I wanted to point out that we appeared to be sinking, but the engines were howling now as we turned back to do another pop, drop and slide. The captain appeared to  be unhappy with our degree of wetness and aimed to correct that deficiency. He spun the boat again and drove back into the rapids, this time finding the perfect wave – from his standpoint.

We lurched downward into a massive trough and the captain proceeded to drive the boat under the rapids. If we had been hit with sheets of water on the previous run, this time we got the sheets and the blankets. Water pounded down onto our heads and we came back out of the rapids with water nearly up to the seats. Then the captain spun the boat and headed back into the rapids. This time he took us further south and we entered the whirlpool itself.

The captain did not do any tourist-drenching in this area, however. Here the fury of the Niagara was such that any attempt would have been fatal. So the crew just told us about how awful or fate would be if they even tried anything funny up there. This isn’t quite as much fun as the controlled drowning of tourists, but it amused the crew.

Then we headed back to the rapids. The captain made three more passes into the rapids, each one getting the occupants of the boat even wetter – if that is possible. But on the very last of the three, the captain had a treat for us. He had everyone slide over and crowd to the right of the boat. Then he kicked up the engines and drove straight back into the boiling rapids.

This time, we got the sheets, the blankets, the down comforter and several nightstands. Those who managed to keep their eyes open got a lovely view of the Niagara River from the underside. It was not a good idea to gasp in wonder. I did make the acquaintance of several trout, however. Well, ok, I didn’t really. I don’t think the trout are crazy enough to go up there. They just swim around downriver and watch the stupid tourists.

Then it was a quick trip back to the dock. Our Niagara River adventure was over.

I want to go again.

Touring

Day two dawned clear and warm.
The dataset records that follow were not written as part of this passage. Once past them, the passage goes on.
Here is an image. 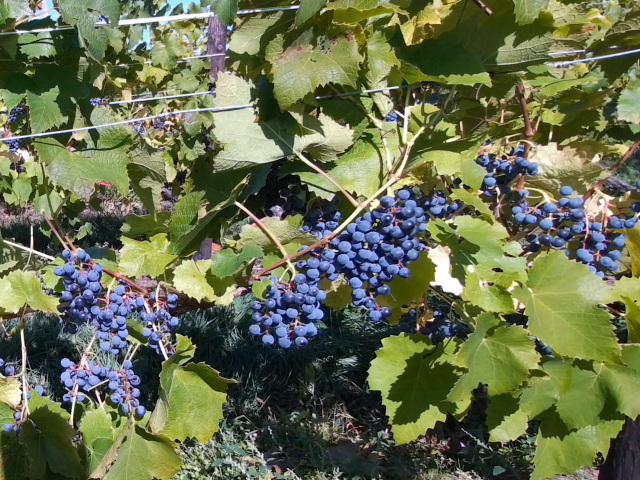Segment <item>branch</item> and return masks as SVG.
<instances>
[{
	"instance_id": "obj_4",
	"label": "branch",
	"mask_w": 640,
	"mask_h": 480,
	"mask_svg": "<svg viewBox=\"0 0 640 480\" xmlns=\"http://www.w3.org/2000/svg\"><path fill=\"white\" fill-rule=\"evenodd\" d=\"M102 271H103V273H104L105 275H108V276H111V277L118 278V279H120L121 281H124V282L128 283L130 286H132L133 288H135V289H136V290H138V291H141V292H142V293H144V294H147V293H148V289H147V288H145V287H143V286H141V285L137 284L136 282L132 281V280H131L129 277H127V276H124V275H122V274H120V273H118V272L110 271V270H108L106 267H103V268H102Z\"/></svg>"
},
{
	"instance_id": "obj_2",
	"label": "branch",
	"mask_w": 640,
	"mask_h": 480,
	"mask_svg": "<svg viewBox=\"0 0 640 480\" xmlns=\"http://www.w3.org/2000/svg\"><path fill=\"white\" fill-rule=\"evenodd\" d=\"M523 85L521 83H517L515 85V91H516V95H517V101H518V105L523 117V123H524V127L526 128V136H525V142L526 144V148L524 150V157L528 158L529 154L531 152V147H532V139H533V125L531 124V120H530V115H529V111L527 109L526 106V102L524 99V93H523Z\"/></svg>"
},
{
	"instance_id": "obj_5",
	"label": "branch",
	"mask_w": 640,
	"mask_h": 480,
	"mask_svg": "<svg viewBox=\"0 0 640 480\" xmlns=\"http://www.w3.org/2000/svg\"><path fill=\"white\" fill-rule=\"evenodd\" d=\"M537 227H538V223L534 222L530 226H528L526 229L521 231L519 234H517L518 225L516 223H512L511 224V228H510L509 240L510 241H513V240L514 241H518L519 239L523 238L525 235H527L528 233H530L531 231H533Z\"/></svg>"
},
{
	"instance_id": "obj_7",
	"label": "branch",
	"mask_w": 640,
	"mask_h": 480,
	"mask_svg": "<svg viewBox=\"0 0 640 480\" xmlns=\"http://www.w3.org/2000/svg\"><path fill=\"white\" fill-rule=\"evenodd\" d=\"M604 184H605V181H604V180H599V181L597 182V184L592 185V186L588 189V191L583 195V199H584V200H587V199L592 195V193H593L596 189L602 190V189H603V185H604Z\"/></svg>"
},
{
	"instance_id": "obj_1",
	"label": "branch",
	"mask_w": 640,
	"mask_h": 480,
	"mask_svg": "<svg viewBox=\"0 0 640 480\" xmlns=\"http://www.w3.org/2000/svg\"><path fill=\"white\" fill-rule=\"evenodd\" d=\"M426 129L425 125H421L419 130L416 132V134L408 141V144L406 146L403 158L401 160V162L399 163V166L396 170V173L387 181L386 184H384L375 195H373L371 198H369L368 200H366L365 202H363L358 208H356L352 214L347 217L343 223L338 226L331 234H329L328 236L322 238L319 242H315L313 244H311L308 248H305L299 252H295V253H291L288 255L283 256L281 259H279L278 261H276L275 263H272L270 265H267L266 267L262 268L258 273H256L253 276H248L247 280L248 281H256L259 278H261L265 273H267L268 271L275 269L279 266H281L283 263H285L286 261L290 260V259H294V258H298L300 255L312 250L314 247H319L322 248V244L331 241L335 235L338 234V232H341L343 230V228L345 226H347L350 222H352L355 217L361 213L367 206L371 205L373 202H375L393 183L396 179H398L400 176L403 175V169L405 164L408 161L409 158V154L410 151L413 147V144L421 137V135L423 134L424 130Z\"/></svg>"
},
{
	"instance_id": "obj_6",
	"label": "branch",
	"mask_w": 640,
	"mask_h": 480,
	"mask_svg": "<svg viewBox=\"0 0 640 480\" xmlns=\"http://www.w3.org/2000/svg\"><path fill=\"white\" fill-rule=\"evenodd\" d=\"M526 179L525 175H521L514 184V191H513V204L517 205L518 201L522 200V197L518 195L519 193V189H523L524 188V180Z\"/></svg>"
},
{
	"instance_id": "obj_3",
	"label": "branch",
	"mask_w": 640,
	"mask_h": 480,
	"mask_svg": "<svg viewBox=\"0 0 640 480\" xmlns=\"http://www.w3.org/2000/svg\"><path fill=\"white\" fill-rule=\"evenodd\" d=\"M40 166H41V169H42V175H43V180H44L43 187H44V190H45V193H46L47 208H48V213H49V216L51 218V221H52L54 227L57 229V231L60 233V235L64 239L65 243L69 246L71 251L72 252H76L77 248L75 247L73 242L70 240V238L66 234L65 230L60 226V224L57 221V218H56L55 213L53 211L51 190H50L49 184L47 182L44 163L40 162Z\"/></svg>"
}]
</instances>

I was the only one of the family to see that portion of the day. The rest of the tribe slept in a bit. When I started waking them, there was a lot of complaining. But eventually the tribe assembled and trooped off for breakfast. We had to be ready for the tour we had scheduled.

We were the last to be picked up, the bus was almost full. Several of the people who had boarded before us were in large family groups. When we tried to all sit, we came up one seat short. The driver had to go through his list and found that one family group had booked four kids as “lap” rather than buying the oldest kid a seat. They would have gotten away with it on a less full bus. They had an uncomfortable tour with a 70 pound “toddler” sitting on their laps.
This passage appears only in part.